ChatGPT User Data Exposure
Description
Created by US startup OpenAI, ChatGPT appeared in November and was quickly seized upon by users amazed at its ability to answer difficult questions, write sonnets or code, and provide information on loaded issues.
ChatGPT has even passed medical and legal exams set for human students, scoring high marks. But the technology also comes with many risks as its learning system and similar competitor models are integrated into commercial applications.
According to a Bloomberg story, a recent bug appears to have given other users of OpenAI's ChatGPT access to the titles of some users' previous chats with the AI chatbot. This glitch, which came to light on March 20, 2023, enabled certain users to view brief descriptions of other users' conversations from the chat history sidebar, prompting the company to temporarily shut down the chatbot. It's also possible that the first message of a newly-created conversation was visible in someone else's chat history if both users were active around the same time," the company said.
The bug, it further added, originated in the redis-py library, leading to a scenario where canceled requests could cause connections to be corrupted and return unexpected data from the database cache, in this case, information belonging to an unrelated user.

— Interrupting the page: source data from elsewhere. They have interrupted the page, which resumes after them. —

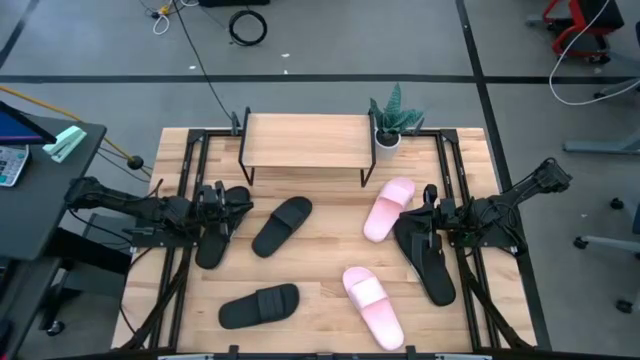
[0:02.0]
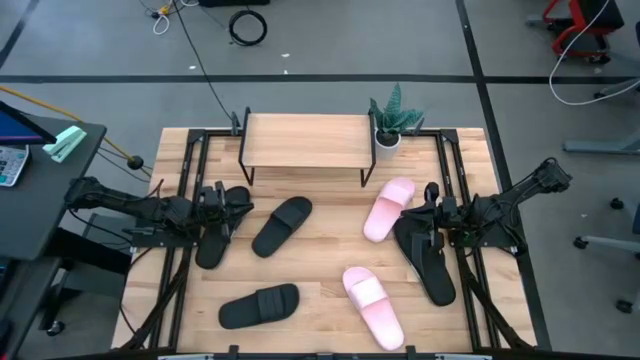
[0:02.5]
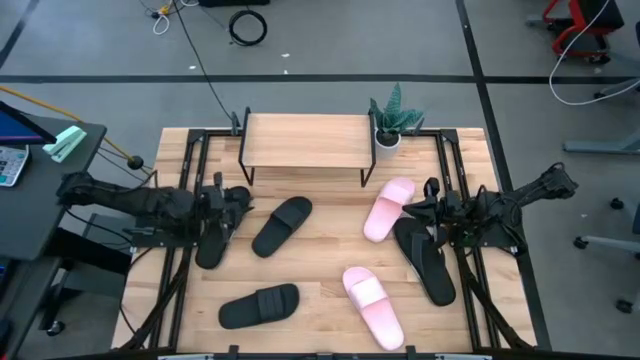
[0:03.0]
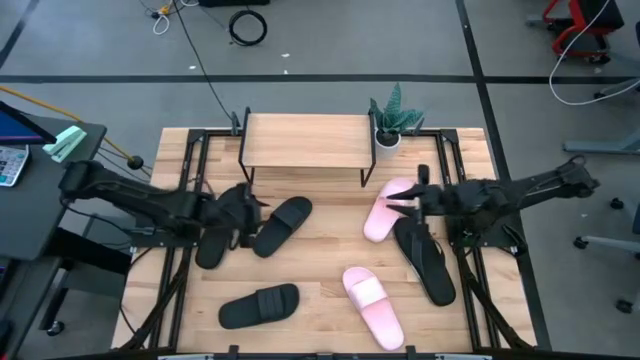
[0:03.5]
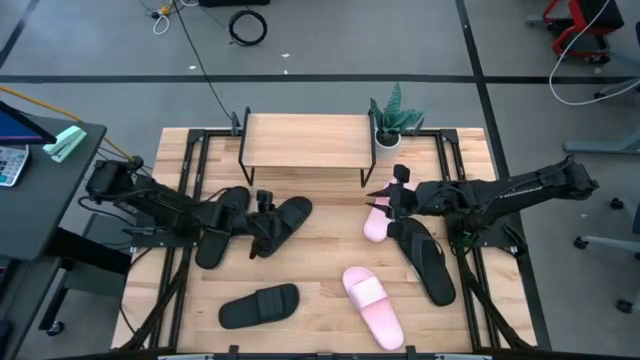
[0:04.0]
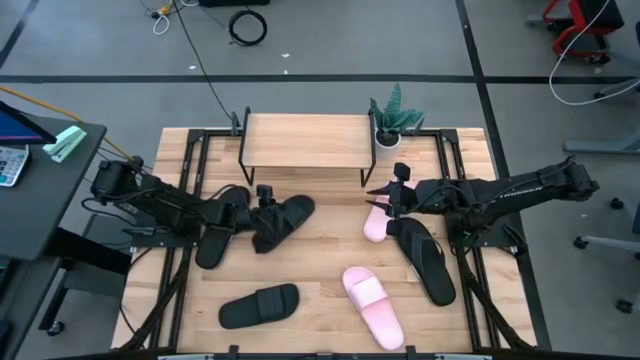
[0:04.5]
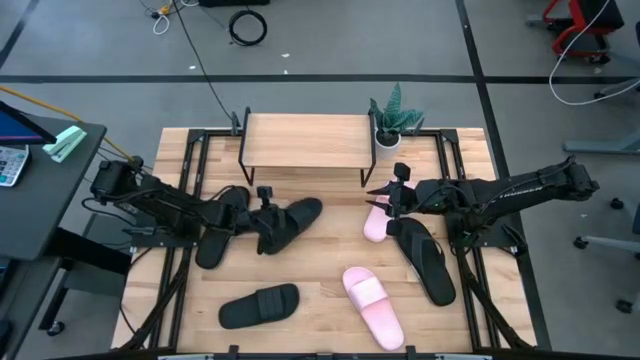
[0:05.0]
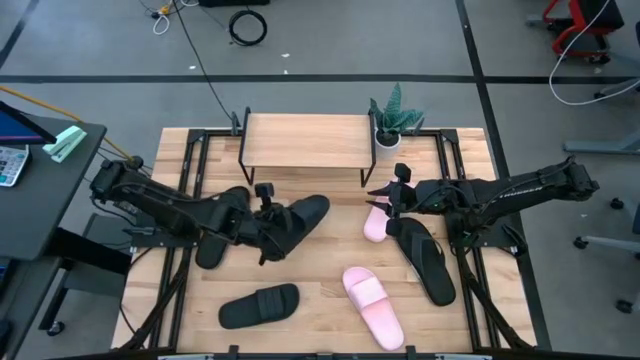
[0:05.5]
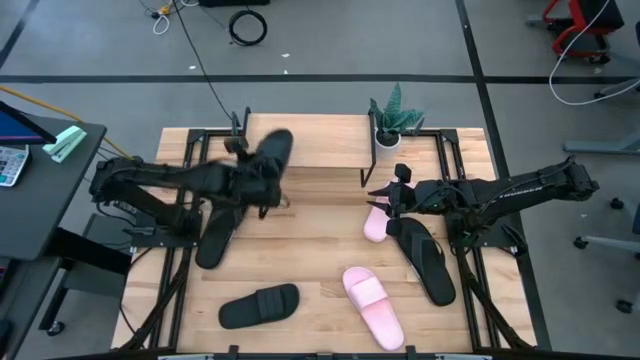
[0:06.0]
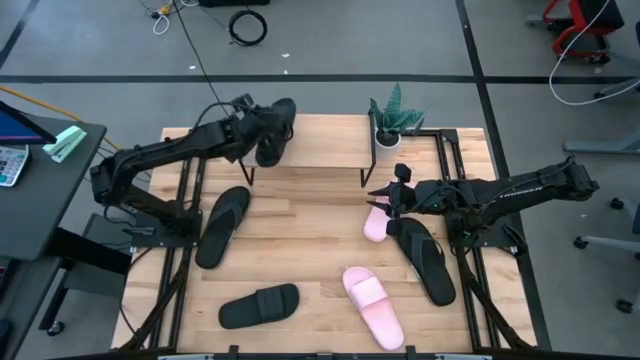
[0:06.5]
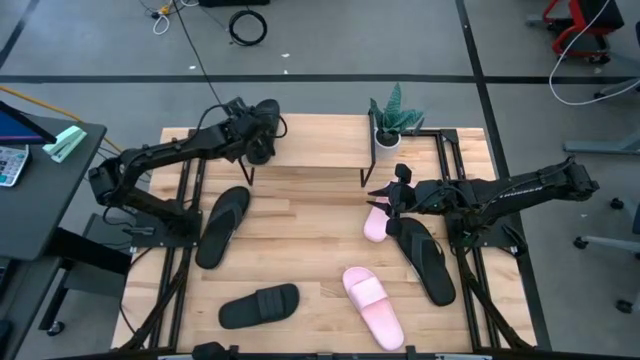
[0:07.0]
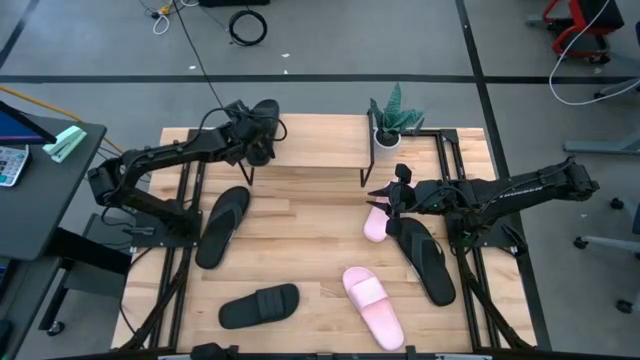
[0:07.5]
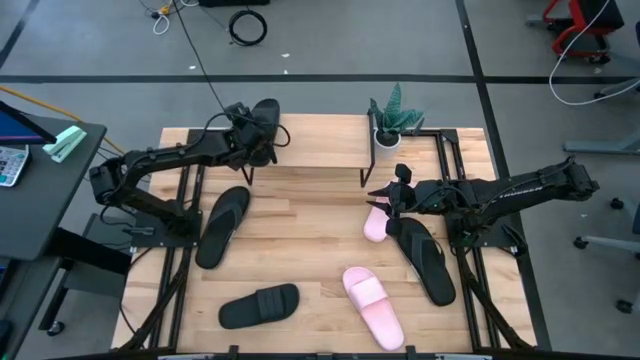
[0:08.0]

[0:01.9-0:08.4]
Task: Pick and place slides into the shelf
Put the top black slides on the shelf

While the problem has since been addressed, OpenAI noted that the issue may have had more implications elsewhere, potentially revealing payment-related information of 1.2% of the ChatGPT Plus subscribers on March 20 between 1-10 a.m. PT. This included another active user's first and last name, email address, payment address, credit card number's last four digits (only), and credit card expiration date. It emphasized that full credit card numbers were not exposed.
OpenAI temporarily shut down ChatGPT on Monday in response to the bug, but it was brought back online later that night. As of this writing the chat history sidebar has been replaced with a message noting that “History is temporarily unavailable” and that the company is “working to restore this feature as soon as possible.”
The last update on OpenAI’s status page from 10:54 PM ET on Monday notes that service has been restored, but it’s still working to bring back past conversation histories for all users. However, according to Altman, users won’t have access to chats they did from 4 AM ET to 1 PM ET on March 27th.
Update March 22nd, 4:45 PM ET: Added confirmation from Sam Altman that the chat history issue was due to a bug in a piece of open-source software and that users wouldn’t be able to access their chat history from a few hours on Monday.
Technical details:
The bug was discovered in the Redis client open-source library, redis-py. Here’s how the bug worked:
- Used Redis to cache user information in our server so we don’t need to check our database for every request.
- Used Redis Cluster to distribute this load over multiple Redis instances.
- Used the redis-py library to interface with Redis from our Python server, which runs with Asyncio.
- The library maintains a shared pool of connections between the server and the cluster and recycles a connection to be used for another request once done.
- When using Asyncio, requests and responses with redis-py behave as two queues: the caller pushes a request onto the incoming queue and will pop a response from the outgoing queue, and then return the connection to the pool.
- If a request is canceled after the request is pushed onto the incoming queue, but before the response popped from the outgoing queue, the bug is seen: the connection thus becomes corrupted and the next response that’s dequeued for an unrelated request can receive data left behind in the connection.
- In most cases, it results in an unrecoverable server error, and the user will have to try their request again.
- But in some cases, the corrupted data matches the data type the requester was expecting, so what gets returned from the cache appears valid, even if it belongs to another user.
- At 1 a.m. Pacific time on Monday, March 20, inadvertently introduced a change to our server that caused a spike in Redis request cancellations. This created a small probability for each connection to return bad data.
- This bug only appeared in the Asyncio redis-py client for Redis Cluster and has now been fixed.
Actions taken
- Added redundant checks to ensure the data returned by the Redis cache matches the requesting user.
- Programatically examined logs to make sure that all messages are only available to the correct user.
- Correlated several data sources to identify the affected users and notify them.
- Improved logging to identify when this is happening and fully confirm it has stopped.
- Improved the robustness and scale of the Redis cluster to reduce the likelihood of connection errors at extreme load.